** Opening Excerpted data block **
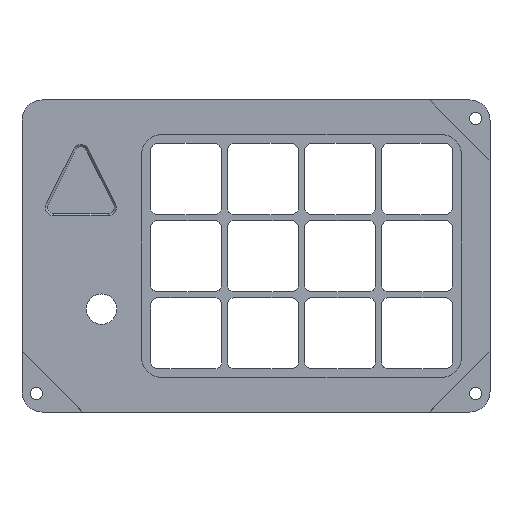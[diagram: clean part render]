
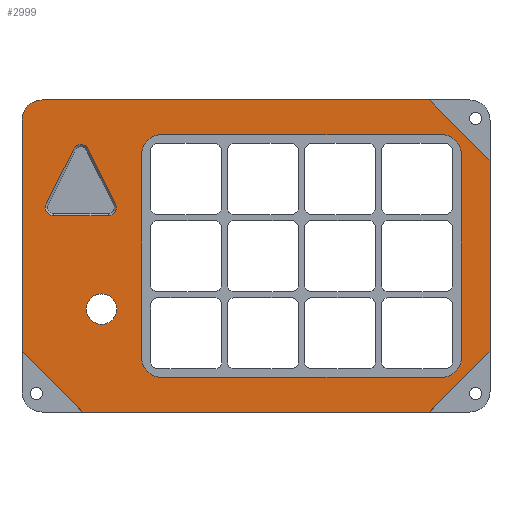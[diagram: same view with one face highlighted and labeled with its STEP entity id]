
A CAD part, top view. The second image highlights one B-rep face of the part: STEP entity #2999.
In plain terms, the highlighted planar face has unit normal (0, 0, 1).
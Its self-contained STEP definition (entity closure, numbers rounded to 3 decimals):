
#33=FACE_BOUND('',#481,.T.);
#34=FACE_BOUND('',#482,.T.);
#35=FACE_BOUND('',#483,.T.);
#120=CIRCLE('',#3134,2.);
#122=CIRCLE('',#3138,2.);
#124=CIRCLE('',#3142,2.);
#197=CIRCLE('',#3232,5.);
#202=CIRCLE('',#3243,5.);
#204=CIRCLE('',#3247,5.);
#206=CIRCLE('',#3251,5.);
#208=CIRCLE('',#3255,5.);
#213=CIRCLE('',#3263,3.75);
#306=FACE_OUTER_BOUND('',#480,.T.);
#480=EDGE_LOOP('',(#2276,#2277,#2278,#2279,#2280,#2281,#2282,#2283));
#481=EDGE_LOOP('',(#2284,#2285,#2286,#2287,#2288,#2289));
#482=EDGE_LOOP('',(#2290));
#483=EDGE_LOOP('',(#2291,#2292,#2293,#2294,#2295,#2296,#2297,#2298));
#617=LINE('',#4345,#922);
#622=LINE('',#4359,#927);
#626=LINE('',#4371,#931);
#714=LINE('',#4699,#1019);
#725=LINE('',#4724,#1030);
#730=LINE('',#4739,#1035);
#736=LINE('',#4758,#1041);
#742=LINE('',#4773,#1047);
#744=LINE('',#4782,#1049);
#749=LINE('',#4794,#1054);
#753=LINE('',#4810,#1058);
#754=LINE('',#4811,#1059);
#755=LINE('',#4813,#1060);
#756=LINE('',#4814,#1061);
#922=VECTOR('',#3437,10.);
#927=VECTOR('',#3450,10.);
#931=VECTOR('',#3462,10.);
#1019=VECTOR('',#3726,10.);
#1030=VECTOR('',#3747,10.);
#1035=VECTOR('',#3762,10.);
#1041=VECTOR('',#3780,10.);
#1047=VECTOR('',#3794,10.);
#1049=VECTOR('',#3804,10.);
#1054=VECTOR('',#3817,10.);
#1058=VECTOR('',#3833,10.);
#1059=VECTOR('',#3834,10.);
#1060=VECTOR('',#3835,10.);
#1061=VECTOR('',#3836,10.);
#1227=VERTEX_POINT('',#4342);
#1228=VERTEX_POINT('',#4344);
#1231=VERTEX_POINT('',#4351);
#1233=VERTEX_POINT('',#4357);
#1235=VERTEX_POINT('',#4363);
#1237=VERTEX_POINT('',#4369);
#1382=VERTEX_POINT('',#4696);
#1383=VERTEX_POINT('',#4698);
#1388=VERTEX_POINT('',#4712);
#1389=VERTEX_POINT('',#4713);
#1392=VERTEX_POINT('',#4722);
#1396=VERTEX_POINT('',#4736);
#1397=VERTEX_POINT('',#4738);
#1402=VERTEX_POINT('',#4751);
#1403=VERTEX_POINT('',#4753);
#1404=VERTEX_POINT('',#4757);
#1408=VERTEX_POINT('',#4766);
#1409=VERTEX_POINT('',#4768);
#1411=VERTEX_POINT('',#4777);
#1412=VERTEX_POINT('',#4781);
#1415=VERTEX_POINT('',#4789);
#1422=VERTEX_POINT('',#4812);
#1423=VERTEX_POINT('',#4815);
#1527=EDGE_CURVE('',#1228,#1227,#617,.T.);
#1531=EDGE_CURVE('',#1227,#1231,#120,.T.);
#1534=EDGE_CURVE('',#1231,#1233,#622,.T.);
#1537=EDGE_CURVE('',#1233,#1235,#122,.T.);
#1540=EDGE_CURVE('',#1235,#1237,#626,.T.);
#1542=EDGE_CURVE('',#1237,#1228,#124,.T.);
#1702=EDGE_CURVE('',#1383,#1382,#714,.T.);
#1709=EDGE_CURVE('',#1388,#1389,#197,.T.);
#1715=EDGE_CURVE('',#1388,#1392,#725,.T.);
#1722=EDGE_CURVE('',#1397,#1396,#730,.T.);
#1729=EDGE_CURVE('',#1402,#1403,#202,.T.);
#1731=EDGE_CURVE('',#1404,#1403,#736,.T.);
#1736=EDGE_CURVE('',#1408,#1409,#204,.T.);
#1739=EDGE_CURVE('',#1402,#1409,#742,.T.);
#1741=EDGE_CURVE('',#1404,#1411,#206,.T.);
#1743=EDGE_CURVE('',#1412,#1411,#744,.T.);
#1747=EDGE_CURVE('',#1412,#1415,#208,.T.);
#1750=EDGE_CURVE('',#1408,#1415,#749,.T.);
#1758=EDGE_CURVE('',#1392,#1397,#753,.T.);
#1759=EDGE_CURVE('',#1396,#1383,#754,.T.);
#1760=EDGE_CURVE('',#1382,#1422,#755,.T.);
#1761=EDGE_CURVE('',#1422,#1389,#756,.T.);
#1762=EDGE_CURVE('',#1423,#1423,#213,.T.);
#2276=ORIENTED_EDGE('',*,*,#1709,.F.);
#2277=ORIENTED_EDGE('',*,*,#1715,.T.);
#2278=ORIENTED_EDGE('',*,*,#1758,.T.);
#2279=ORIENTED_EDGE('',*,*,#1722,.T.);
#2280=ORIENTED_EDGE('',*,*,#1759,.T.);
#2281=ORIENTED_EDGE('',*,*,#1702,.T.);
#2282=ORIENTED_EDGE('',*,*,#1760,.T.);
#2283=ORIENTED_EDGE('',*,*,#1761,.T.);
#2284=ORIENTED_EDGE('',*,*,#1534,.T.);
#2285=ORIENTED_EDGE('',*,*,#1537,.T.);
#2286=ORIENTED_EDGE('',*,*,#1540,.T.);
#2287=ORIENTED_EDGE('',*,*,#1542,.T.);
#2288=ORIENTED_EDGE('',*,*,#1527,.T.);
#2289=ORIENTED_EDGE('',*,*,#1531,.T.);
#2290=ORIENTED_EDGE('',*,*,#1762,.F.);
#2291=ORIENTED_EDGE('',*,*,#1750,.T.);
#2292=ORIENTED_EDGE('',*,*,#1747,.F.);
#2293=ORIENTED_EDGE('',*,*,#1743,.T.);
#2294=ORIENTED_EDGE('',*,*,#1741,.F.);
#2295=ORIENTED_EDGE('',*,*,#1731,.T.);
#2296=ORIENTED_EDGE('',*,*,#1729,.F.);
#2297=ORIENTED_EDGE('',*,*,#1739,.T.);
#2298=ORIENTED_EDGE('',*,*,#1736,.F.);
#2899=PLANE('',#3262);
#2999=ADVANCED_FACE('',(#306,#33,#34,#35),#2899,.T.);
#3134=AXIS2_PLACEMENT_3D('',#4353,#3443,#3444);
#3138=AXIS2_PLACEMENT_3D('',#4365,#3455,#3456);
#3142=AXIS2_PLACEMENT_3D('',#4374,#3466,#3467);
#3232=AXIS2_PLACEMENT_3D('',#4714,#3738,#3739);
#3243=AXIS2_PLACEMENT_3D('',#4754,#3775,#3776);
#3247=AXIS2_PLACEMENT_3D('',#4769,#3788,#3789);
#3251=AXIS2_PLACEMENT_3D('',#4778,#3799,#3800);
#3255=AXIS2_PLACEMENT_3D('',#4790,#3811,#3812);
#3262=AXIS2_PLACEMENT_3D('',#4809,#3831,#3832);
#3263=AXIS2_PLACEMENT_3D('',#4816,#3837,#3838);
#3437=DIRECTION('',(-1.,0.,0.));
#3443=DIRECTION('center_axis',(0.,0.,-1.));
#3444=DIRECTION('ref_axis',(-0.894,0.447,0.));
#3450=DIRECTION('',(0.447,0.894,0.));
#3455=DIRECTION('center_axis',(0.,0.,-1.));
#3456=DIRECTION('ref_axis',(0.894,0.447,0.));
#3462=DIRECTION('',(0.447,-0.894,0.));
#3466=DIRECTION('center_axis',(0.,0.,-1.));
#3467=DIRECTION('ref_axis',(0.,-1.,0.));
#3726=DIRECTION('',(0.,1.,0.));
#3738=DIRECTION('center_axis',(0.,0.,-1.));
#3739=DIRECTION('ref_axis',(-0.707,0.707,0.));
#3747=DIRECTION('',(0.,-1.,0.));
#3762=DIRECTION('',(1.,0.,0.));
#3775=DIRECTION('center_axis',(0.,0.,1.));
#3776=DIRECTION('ref_axis',(-0.707,0.707,0.));
#3780=DIRECTION('',(0.,1.,0.));
#3788=DIRECTION('center_axis',(0.,0.,1.));
#3789=DIRECTION('ref_axis',(0.707,0.707,0.));
#3794=DIRECTION('',(1.,0.,0.));
#3799=DIRECTION('center_axis',(0.,0.,1.));
#3800=DIRECTION('ref_axis',(-0.707,-0.707,0.));
#3804=DIRECTION('',(-1.,0.,0.));
#3811=DIRECTION('center_axis',(0.,0.,1.));
#3812=DIRECTION('ref_axis',(0.707,-0.707,0.));
#3817=DIRECTION('',(0.,-1.,0.));
#3831=DIRECTION('center_axis',(0.,0.,1.));
#3832=DIRECTION('ref_axis',(-1.,0.,0.));
#3833=DIRECTION('',(0.707,-0.707,0.));
#3834=DIRECTION('',(0.707,0.707,0.));
#3835=DIRECTION('',(-0.707,0.707,0.));
#3836=DIRECTION('',(-1.,0.,0.));
#3837=DIRECTION('center_axis',(0.,0.,1.));
#3838=DIRECTION('ref_axis',(-1.,0.,0.));
#4342=CARTESIAN_POINT('',(119.236,-65.,12.1));
#4344=CARTESIAN_POINT('',(132.764,-65.,12.1));
#4345=CARTESIAN_POINT('',(151.015,-65.,12.1));
#4351=CARTESIAN_POINT('',(117.447,-62.106,12.1));
#4353=CARTESIAN_POINT('Origin',(119.236,-63.,12.1));
#4357=CARTESIAN_POINT('',(124.211,-48.578,12.1));
#4359=CARTESIAN_POINT('',(120.053,-56.894,12.1));
#4363=CARTESIAN_POINT('',(127.789,-48.578,12.1));
#4365=CARTESIAN_POINT('Origin',(126.,-49.472,12.1));
#4369=CARTESIAN_POINT('',(134.553,-62.106,12.1));
#4371=CARTESIAN_POINT('',(137.218,-67.437,12.1));
#4374=CARTESIAN_POINT('Origin',(132.764,-63.,12.1));
#4696=CARTESIAN_POINT('',(227.075,-51.437,12.1));
#4698=CARTESIAN_POINT('',(227.075,-98.538,12.1));
#4699=CARTESIAN_POINT('',(227.075,-98.538,12.1));
#4712=CARTESIAN_POINT('',(111.457,-41.437,12.1));
#4713=CARTESIAN_POINT('',(116.457,-36.437,12.1));
#4714=CARTESIAN_POINT('Origin',(116.457,-41.437,12.1));
#4722=CARTESIAN_POINT('',(111.457,-98.538,12.1));
#4724=CARTESIAN_POINT('',(111.457,-36.437,12.1));
#4736=CARTESIAN_POINT('',(212.075,-113.538,12.1));
#4738=CARTESIAN_POINT('',(126.457,-113.538,12.1));
#4739=CARTESIAN_POINT('',(126.457,-113.538,12.1));
#4751=CARTESIAN_POINT('',(146.,-45.,12.1));
#4753=CARTESIAN_POINT('',(141.,-50.,12.1));
#4754=CARTESIAN_POINT('Origin',(146.,-50.,12.1));
#4757=CARTESIAN_POINT('',(141.,-100.,12.1));
#4758=CARTESIAN_POINT('',(141.,-105.,12.1));
#4766=CARTESIAN_POINT('',(220.,-50.,12.1));
#4768=CARTESIAN_POINT('',(215.,-45.,12.1));
#4769=CARTESIAN_POINT('Origin',(215.,-50.,12.1));
#4773=CARTESIAN_POINT('',(141.,-45.,12.1));
#4777=CARTESIAN_POINT('',(146.,-105.,12.1));
#4778=CARTESIAN_POINT('Origin',(146.,-100.,12.1));
#4781=CARTESIAN_POINT('',(215.,-105.,12.1));
#4782=CARTESIAN_POINT('',(215.,-105.,12.1));
#4789=CARTESIAN_POINT('',(220.,-100.,12.1));
#4790=CARTESIAN_POINT('Origin',(215.,-100.,12.1));
#4794=CARTESIAN_POINT('',(220.,-45.,12.1));
#4809=CARTESIAN_POINT('Origin',(169.266,-74.987,12.1));
#4810=CARTESIAN_POINT('',(111.457,-98.538,12.1));
#4811=CARTESIAN_POINT('',(212.075,-113.538,12.1));
#4812=CARTESIAN_POINT('',(212.075,-36.437,12.1));
#4813=CARTESIAN_POINT('',(227.075,-51.437,12.1));
#4814=CARTESIAN_POINT('',(212.075,-36.437,12.1));
#4815=CARTESIAN_POINT('',(134.863,-88.106,12.1));
#4816=CARTESIAN_POINT('Origin',(131.113,-88.106,12.1));
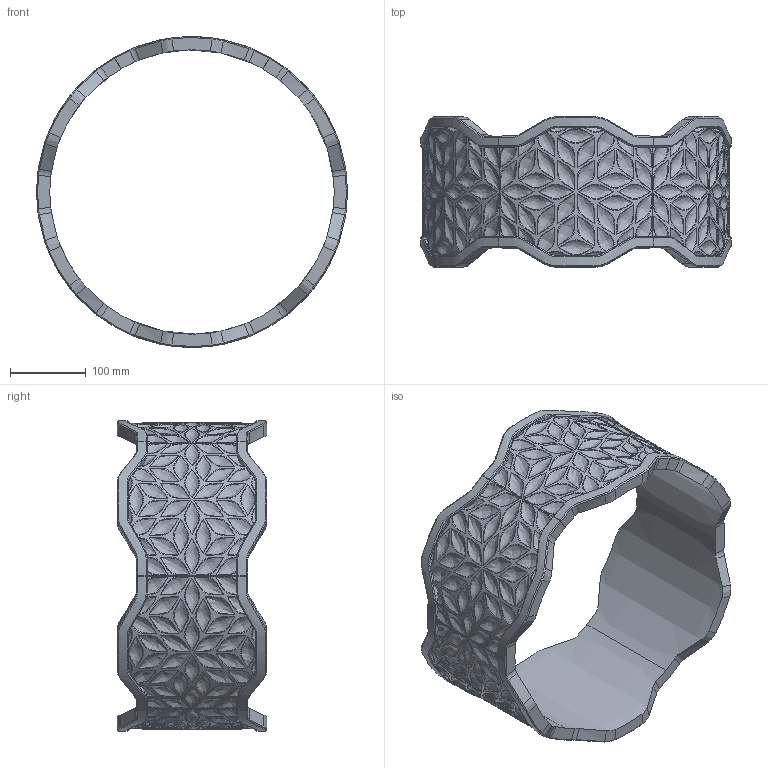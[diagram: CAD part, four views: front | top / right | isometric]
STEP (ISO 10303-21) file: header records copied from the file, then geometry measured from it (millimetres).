
FILE_DESCRIPTION(('FreeCAD Model'),'2;1');
FILE_NAME('Open CASCADE Shape Model','2025-05-04T05:02:34',('FreeCAD'),( 'FreeCAD'),'Open CASCADE STEP processor 7.6','FreeCAD','Unknown');
FILE_SCHEMA(('AUTOMOTIVE_DESIGN { 1 0 10303 214 1 1 1 1 }'));
Products named in the file (1): Open CASCADE STEP translator 7.6 1
Bounding box: 410.53 x 197.85 x 410.36 mm (x, y, z)
Volume: 2891006 mm3; surface area: 505368.6 mm2
Topology: 2 solids, 2 shells, 1260 faces, 2592 edges, 1516 vertices
Faces by surface type: bspline 1260
Entity records: 375452 total; most frequent: CARTESIAN_POINT 358149, ORIENTED_EDGE 5184, EDGE_CURVE 2592, B_SPLINE_CURVE_WITH_KNOTS 2592, VERTEX_POINT 1516, FACE_BOUND 1440, EDGE_LOOP 1440, ADVANCED_FACE 1260
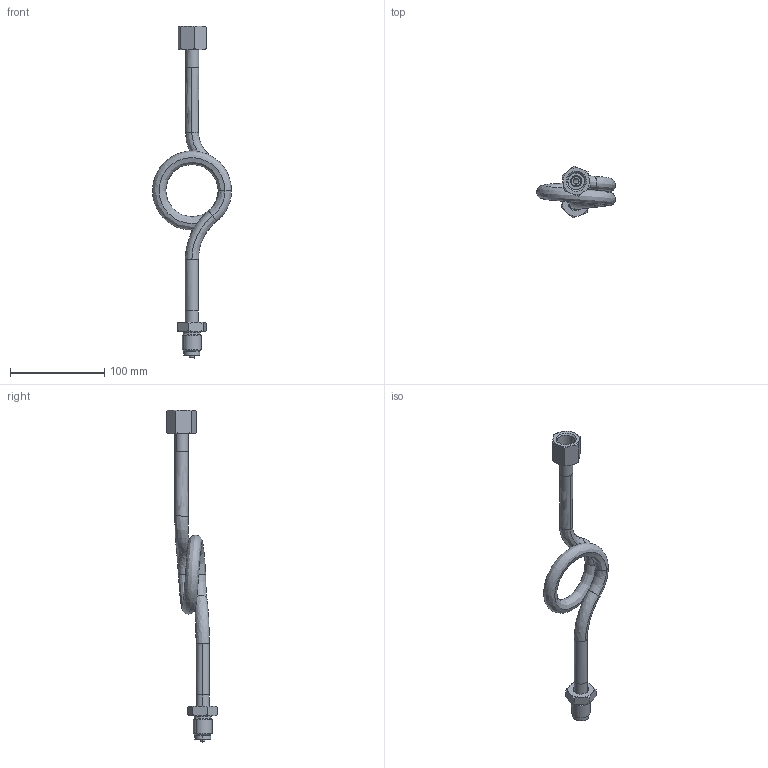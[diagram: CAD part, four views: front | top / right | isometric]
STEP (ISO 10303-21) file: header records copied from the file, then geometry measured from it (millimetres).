
FILE_DESCRIPTION (( 'STEP AP203' ), '1' );
FILE_NAME ('眛-旆1-2.35.STEP', '2019-07-12T11:03:49', ( '' ), ( '' ), 'SwSTEP 2.0', 'SolidWorks 2015', '' );
FILE_SCHEMA (( 'CONFIG_CONTROL_DESIGN' ));
Length unit declared in the file: millimetre
Products named in the file (6): 眛-旆1-2.35; ﾍ珞瑩浯(long); 幄鼭歑(Fat); Îòâîä4; ﾍ珞瑩浯; Ì20õ1,5Îòâîäû
Assembly tree (5 placements, depth 2):
  眛-旆1-2.35
    ﾍ珞瑩浯
    Îòâîä4
    Ì20õ1,5Îòâîäû
    ﾍ珞瑩浯(long)
    幄鼭歑(Fat)
Bounding box: 83.99 x 54.31 x 353.02 mm (x, y, z)
Volume: 67495.3 mm3; surface area: 53160.4 mm2
Topology: 5 solids, 5 shells, 150 faces, 339 edges, 208 vertices
Faces by surface type: cone 44, cylinder 34, plane 32, bspline 24, torus 16
Entity records: 11642 total; most frequent: CARTESIAN_POINT 7784, ORIENTED_EDGE 678, DIRECTION 670, EDGE_CURVE 339, AXIS2_PLACEMENT_3D 288, VERTEX_POINT 208, EDGE_LOOP 169, CIRCLE 154
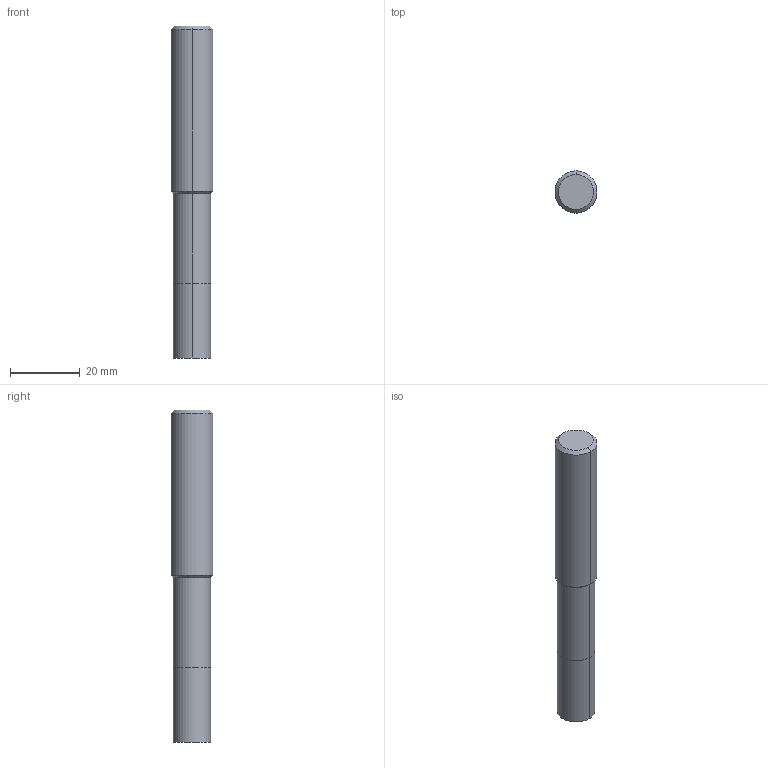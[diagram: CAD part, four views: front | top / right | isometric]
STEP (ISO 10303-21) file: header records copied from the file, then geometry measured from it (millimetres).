
FILE_DESCRIPTION(/* description */ (''),/* implementation_level */ '2;1');
FILE_NAME(/* name */ 'MFE1070X02S120.stp',/* time_stamp */ '2023-03-08T09:18:32+09:00',/* author */ (''),/* organization */ (''),/* preprocessor_version */ 'ST-DEVELOPER v16',/* originating_system */ 'SIEMENS PLM Software NX 10.0',/* authorisation */ '');
FILE_SCHEMA (('AUTOMOTIVE_DESIGN { 1 0 10303 214 3 1 1 1 }'));
Length unit declared in the file: millimetre
Products named in the file (1): MFE1070X02S120_ASM
Bounding box: 12 x 12 x 95 mm (x, y, z)
Volume: 9628.3 mm3; surface area: 3757 mm2
Topology: 2 solids, 2 shells, 14 faces, 28 edges, 23 vertices
Faces by surface type: cylinder 6, plane 4, cone 4
Entity records: 494 total; most frequent: DIRECTION 92, CARTESIAN_POINT 68, ORIENTED_EDGE 48, AXIS2_PLACEMENT_3D 39, EDGE_CURVE 24, STYLED_ITEM 17, PRESENTATION_STYLE_ASSIGNMENT 17, ADVANCED_FACE 14
** Closing Excerpted data block **
● Task brief: Write down how many lines of the data above carry the word "bspline". Nothing else belongs in the answer.

● Exercise response: 2